Unlängst sah man beim Beginn des Mafia-Prozesses in Palermo Arbeiter für die Mafia demonstrieren, denn — so stand auf ihren Plakaten - „mit der Mafia gibt es Arbeit, ohne sie nicht“. Die lokalen Machthaber der Parteien versuchen aus Angst um ihr Leben und um die Wählergunst opportunistisch auf dieser Welle zu schwimmen. Der General hingegen wollte der Mafia das Wasser abgraben, sie gleichsam trockenlegen.

Zu denen, die General dalla Chiesa absichtlich im Stich ließen und deshalb mitverantwortlich seien, rechnet der Autor außer christdemokratischen Lokalgrößen (von denen mancher inzwischen unter Anklage steht), auch namhafte Politiker in Rom, vor allem Giulio Andreotti (der 1982 ohne Staatsamt war). Zum Beweis wird aus dem Tagebuch des Generals zitiert, der Andreotti in einem Gespräch klargemacht hatte, daß er auf dessen Wählerschaft in Sizilien keine Rücksicht nehmen werde. Die Antwort Andreottis erweckt beim General den Eindruck, daß den Politiker „mangelnde Kenntnis“ zu irriger Bewertung der Mafia führt. Eine allzu „folkloristische“ Betrachtung lasse die Politiker nicht die eigentlichen Signale der Mafia begreifen, notiert der General -nicht mehr.
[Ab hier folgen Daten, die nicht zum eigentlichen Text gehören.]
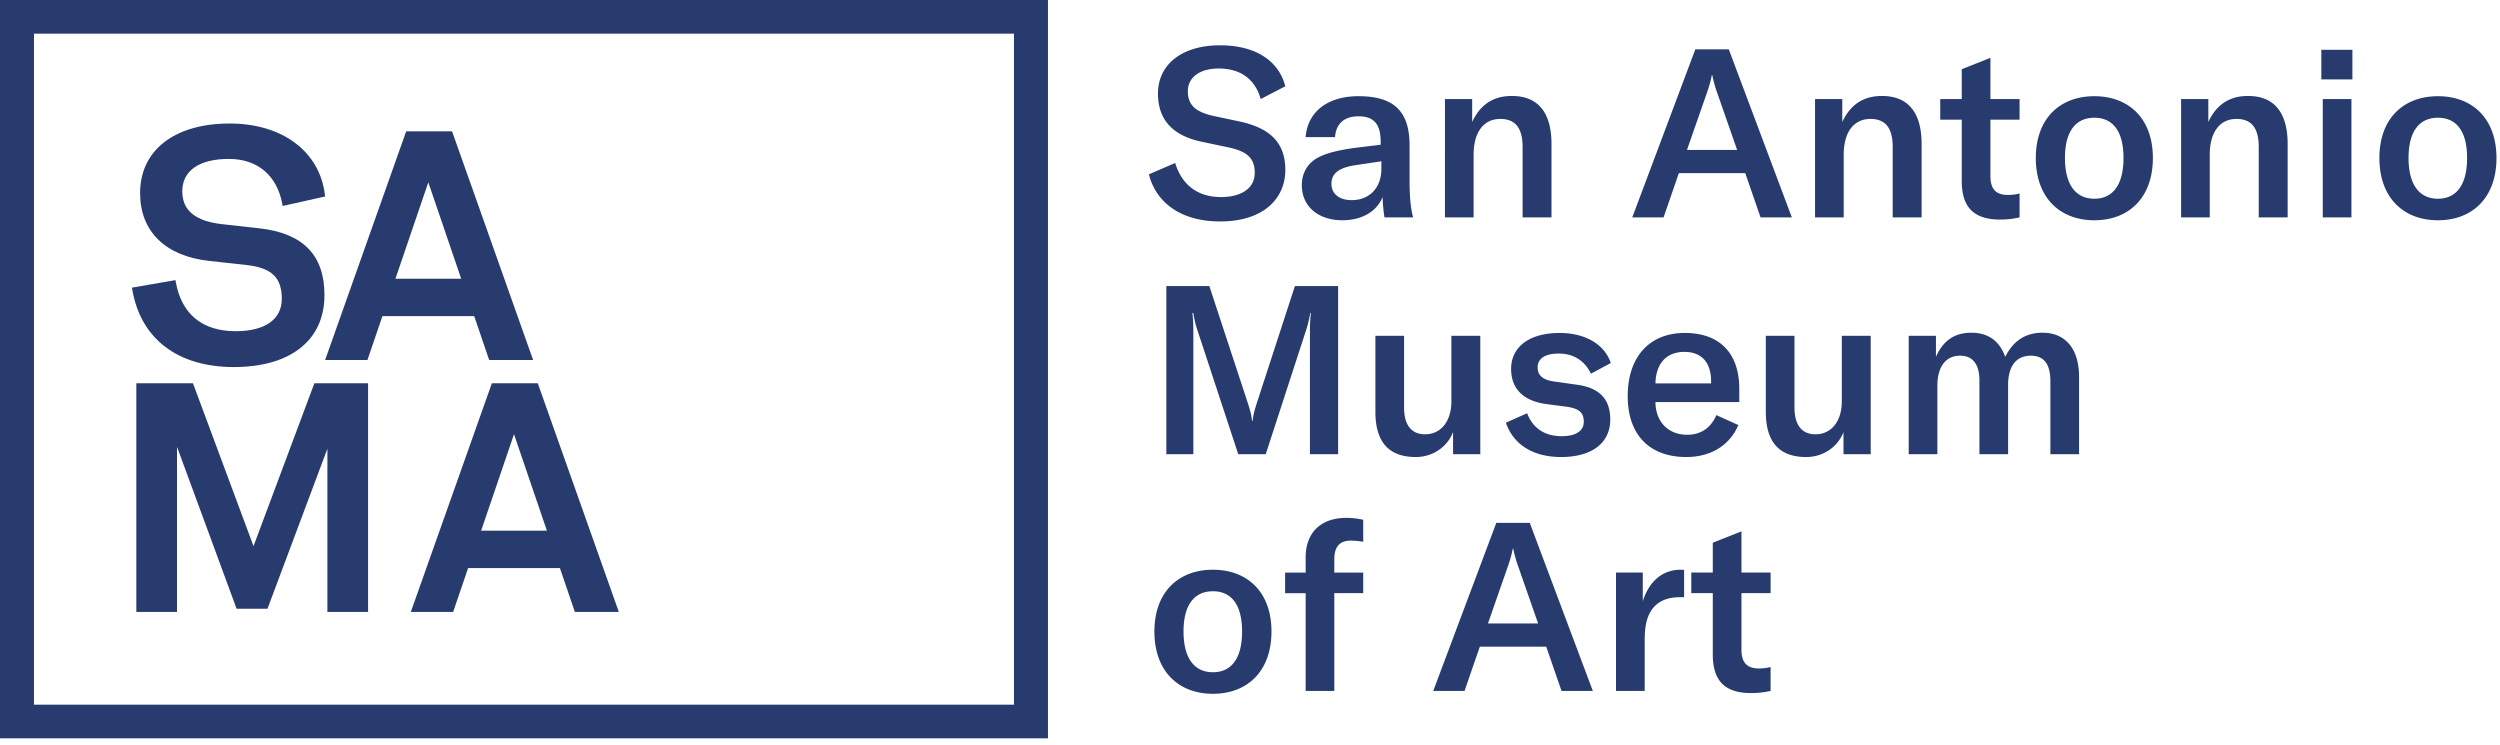 <svg xmlns="http://www.w3.org/2000/svg" width="282" height="84" viewBox="0 0 282 84" class="icon icon-logo header-logo-icon" data-darkreader-inline-invert="">
<title>San Antonio Museum of Art</title>
    <g fill="#273B6F" fill-rule="evenodd">
        <path d="M0 83.284h118.21V0H0v83.284zm3.832-3.798h110.545V3.798H3.832v75.688zM129.596 19.664l2.965-1.28c.645 2.135 2.21 3.844 5.174 3.844 1.968 0 3.8-.775 3.8-2.75 0-1.843-1.132-2.485-3.235-2.911l-2.667-.561c-3.018-.614-5.013-2.217-5.013-5.449 0-3.283 2.694-5.447 7.007-5.447 3.638 0 6.522 1.469 7.358 4.62l-2.777 1.442c-.619-2.19-2.21-3.445-4.743-3.445-2.075 0-3.477.962-3.477 2.564 0 1.55.863 2.35 2.965 2.803l2.776.588c3.153.668 5.256 2.11 5.256 5.475 0 3.257-2.48 5.822-7.358 5.822-4.529 0-7.25-2.217-8.031-5.315M155.82 19.05v-.854l-3.046.453c-1.78.294-2.587.935-2.587 2.083 0 1.122.863 1.843 2.291 1.843 1.994 0 3.341-1.389 3.341-3.525m-8.974 1.842c0-1.281.566-2.35 1.644-3.017.97-.56 2.264-.908 4.393-1.201l2.857-.348v-.347c0-2.003-.782-2.858-2.507-2.858-1.59 0-2.534.828-2.641 2.35h-3.315c.215-2.857 2.48-4.62 5.956-4.62 3.989 0 5.768 1.683 5.768 5.554v3.98c0 1.816.134 3.205.404 4.14h-3.235a18.43 18.43 0 0 1-.215-2.297c-.647 1.63-2.344 2.617-4.527 2.617-2.749 0-4.582-1.576-4.582-3.953M162.989 11.172h3.072v2.59c.916-1.976 2.399-2.937 4.475-2.937 2.937 0 4.473 1.843 4.473 5.421v8.279h-3.261v-7.958c0-2.11-.81-3.152-2.507-3.152-1.886 0-3.018 1.496-3.018 4.033v7.077h-3.234V11.172zM195.95 16.913l-2.237-6.408a13.718 13.718 0 0 1-.566-2.03h-.053c-.162.828-.351 1.415-.566 2.03l-2.238 6.408h5.66zm.915 2.618h-7.49l-1.726 4.993h-3.53l7.114-18.96h3.774l7.115 18.96h-3.531l-1.726-4.993zM204.737 11.172h3.072v2.59c.916-1.976 2.399-2.937 4.475-2.937 2.937 0 4.474 1.843 4.474 5.421v8.279h-3.262v-7.958c0-2.11-.81-3.152-2.506-3.152-1.887 0-3.02 1.496-3.02 4.033v7.077h-3.233V11.172zM218.859 11.172h2.426V7.807l3.235-1.281v4.646h3.288v2.323h-3.288v6.383c0 1.442.62 2.11 1.966 2.11.539 0 .89-.054 1.322-.16v2.697c-.783.16-1.376.24-2.21.24-3.235 0-4.313-1.682-4.313-4.38v-6.89h-2.426v-2.323zM239.53 17.822c0-3.044-1.212-4.54-3.287-4.54-2.076 0-3.315 1.496-3.315 4.54s1.239 4.593 3.315 4.593c2.075 0 3.288-1.549 3.288-4.593m-9.89 0c0-4.46 2.72-6.97 6.602-6.97 3.88 0 6.602 2.51 6.602 6.97 0 4.486-2.722 7.024-6.602 7.024-3.881 0-6.603-2.538-6.603-7.024M246.027 11.172h3.072v2.59c.916-1.976 2.399-2.937 4.474-2.937 2.938 0 4.474 1.843 4.474 5.421v8.279h-3.261v-7.958c0-2.11-.81-3.152-2.507-3.152-1.887 0-3.018 1.496-3.018 4.033v7.077h-3.234V11.172zM262.008 24.525h3.234V11.172h-3.234v13.353zm-.162-15.57h3.505V5.617h-3.505v3.338zM278.287 17.822c0-3.044-1.213-4.54-3.288-4.54-2.075 0-3.315 1.496-3.315 4.54s1.24 4.593 3.315 4.593 3.288-1.549 3.288-4.593m-9.891 0c0-4.46 2.723-6.97 6.603-6.97s6.603 2.51 6.603 6.97c0 4.486-2.723 7.024-6.603 7.024s-6.603-2.538-6.603-7.024M131.564 32.27h4.85l4.34 13.194c.296.933.403 1.334.485 2.028h.054c.08-.694.188-1.121.485-2.056l4.285-13.165h4.877v18.96h-3.18V37.399c0-.748.027-1.415.108-2.083h-.081c-.053.454-.296 1.442-.485 2.003l-4.527 13.914h-3.1l-4.58-13.914c-.217-.561-.433-1.549-.486-2.003h-.108c.08.64.108 1.31.108 2.083v13.834h-3.045V32.27zM155.145 46.45V37.88h3.234v8.092c0 1.949.81 3.017 2.373 3.017 1.778 0 2.964-1.469 2.964-3.711v-7.398h3.262V51.23h-3.072v-2.484c-.649 1.656-2.266 2.806-4.206 2.806-3.287 0-4.555-1.977-4.555-5.102M169.861 47.68l2.4-1.068c.647 1.709 1.994 2.59 3.908 2.59 1.617 0 2.48-.614 2.48-1.629 0-1.069-.567-1.522-2.05-1.71l-2.048-.267c-2.802-.346-4.097-1.816-4.097-3.979 0-2.484 2.05-4.059 5.471-4.059 2.912 0 5.095 1.308 5.769 3.392l-2.238 1.202c-.646-1.362-1.86-2.27-3.61-2.27-1.537 0-2.4.534-2.4 1.575 0 .908.62 1.443 2.049 1.603l2.263.32c2.776.347 3.88 1.735 3.88 3.953 0 2.616-2.047 4.22-5.55 4.22-3.1 0-5.364-1.363-6.227-3.874M193.012 43.032c0-2.19-1.104-3.338-3.018-3.338-2.048 0-3.207 1.336-3.26 3.552h6.278v-.214zm3.181 2.324h-9.46c.028 2.243 1.456 3.686 3.585 3.686 1.536 0 2.669-.775 3.288-2.217l2.48 1.122c-.998 2.323-3.127 3.605-5.876 3.605-4.123 0-6.603-2.484-6.603-6.864 0-4.406 2.425-7.13 6.441-7.13 3.91 0 6.145 2.243 6.145 6.33v1.468zM199.185 46.45V37.88h3.233v8.092c0 1.949.81 3.017 2.373 3.017 1.778 0 2.965-1.469 2.965-3.711v-7.398h3.26V51.23h-3.071v-2.484c-.648 1.656-2.266 2.806-4.205 2.806-3.288 0-4.555-1.977-4.555-5.102M218.375 37.88v2.375c.808-1.842 2.102-2.724 3.988-2.724 1.887 0 3.18.909 3.827 2.724.918-1.842 2.318-2.724 4.205-2.724 2.587 0 4.123 1.816 4.123 4.967v8.734h-3.234v-8.225c0-1.95-.727-2.885-2.21-2.885-1.644 0-2.56 1.175-2.56 3.311v7.799h-3.234v-8.307c0-1.842-.755-2.803-2.184-2.803-1.617 0-2.56 1.255-2.56 3.392v7.718h-3.233V37.879h3.072zM140.106 71.235c0-3.045-1.212-4.54-3.287-4.54-2.076 0-3.316 1.495-3.316 4.54s1.24 4.593 3.316 4.593c2.075 0 3.287-1.548 3.287-4.593m-9.89 0c0-4.46 2.721-6.97 6.603-6.97 3.88 0 6.603 2.51 6.603 6.97 0 4.486-2.722 7.024-6.603 7.024-3.882 0-6.603-2.538-6.603-7.024M153.77 66.909h-3.26v11.028h-3.233V66.91h-2.319v-2.323h2.319v-1.71c0-2.778 1.697-4.46 4.58-4.46.675 0 1.322.08 1.914.214v2.483a8.828 8.828 0 0 0-1.374-.133c-1.294 0-1.887.694-1.887 2.11v1.496h3.26v2.323zM173.5 70.327l-2.238-6.41a13.705 13.705 0 0 1-.565-2.03h-.054a13.705 13.705 0 0 1-.565 2.03l-2.238 6.41h5.66zm.915 2.618h-7.491l-1.725 4.993h-3.531l7.115-18.96h3.773l7.115 18.96h-3.53l-1.726-4.993zM189.59 64.265c.135 0 .243 0 .377.027v3.07h-.43c-1.295 0-2.184.348-2.804.935-1.078 1.043-1.212 2.565-1.212 4.059v5.582h-3.235V64.585h3.019v3.232c.674-2.11 2.102-3.552 4.285-3.552M190.776 64.585h2.426V61.22l3.235-1.281v4.646h3.287v2.323h-3.287v6.383c0 1.442.619 2.11 1.966 2.11.538 0 .89-.053 1.32-.16v2.697c-.782.16-1.374.24-2.21.24-3.234 0-4.311-1.682-4.311-4.378v-6.892h-2.426v-2.323z"></path>
        <path d="M26.383 41.404c-6.341 0-10.52-3.188-11.463-8.746l-.036-.213 4.907-.848.038.213c.653 3.63 2.99 5.549 6.763 5.549 3.302 0 5.196-1.332 5.196-3.654 0-2.395-1.15-3.498-3.971-3.809l-4.218-.464c-4.955-.546-7.796-3.332-7.796-7.646 0-4.844 3.874-7.853 10.112-7.853 5.933 0 10.146 3.154 10.735 8.034l.024.195-4.789 1.072-.04-.222c-.599-3.232-2.799-5.085-6.035-5.085-3.336 0-5.249 1.332-5.249 3.653 0 2.156 1.47 3.368 4.493 3.707l4.166.463c4.966.548 7.38 3.015 7.38 7.542 0 5.08-3.82 8.112-10.217 8.112M48.313 20.564l-3.708 10.879h7.417l-3.709-10.879zm6.867 20.047l-1.69-4.948H43.135l-1.688 4.948h-4.773l9.143-25.796h5.177l9.142 25.796H55.18zM36.93 69.026v-18.41l-6.756 18.046h-3.488l-6.72-18.265v18.629h-4.588V43.23h6.388l6.83 18.374 6.866-18.374h6.058v25.796zM57.98 48.979l-3.708 10.878h7.416L57.98 48.98zm6.866 20.047l-1.69-4.949H52.803l-1.688 4.95H46.34l9.143-25.798h5.177l9.143 25.797h-4.957z"></path>
    </g>
</svg>

Im Familienkreis soll er — laut Sohn — gesagt haben, Andreotti sei kreidebleich geworden, „als ich ihm all das sagte, was ich über seine Leute in Sizilien weiß“.

Der Sohn des Generals war freilich schon bevor er durch sein Buch die Sache des Vaters zur eigenen machte, zum Ziel öffentlicher Polemik geworden: pietätlos bezichtigte man ihn der Pietätlo-sigkeit und befestigte dadurch erst recht seinen Eindruck, daß da absichtsvoll ein „Rollentausch“ zwischen Mörder und Opfer betrieben werde. Gleichwohl vermochte, wie sein Buch zeigt, der analytische Kopf des jungen Soziologen über eigenen Gefühlsaufruhr und politische Voreingenommenheit hinauszudenken, ja sogar über die italienische Neigung, hinter allen Übeln nur finstere Mächte am Werk zu sehen.

Er erkennt, daß zur Uberwindung der Mafia weder linker noch rechter Regimewechsel nötig ist, sondern ein Bündnis von „liberaler, katholischer, reformistischer und marxistischer Kultur“, ja noch etwas viel Einfacheres: „daß der alte konservative Mythos von der .guten Regierung' heute ein revolutionäres Ziel ist“. - Es zu erreichen, würde gewiß das Ende der Mafia und ihres Mythos bedeuten.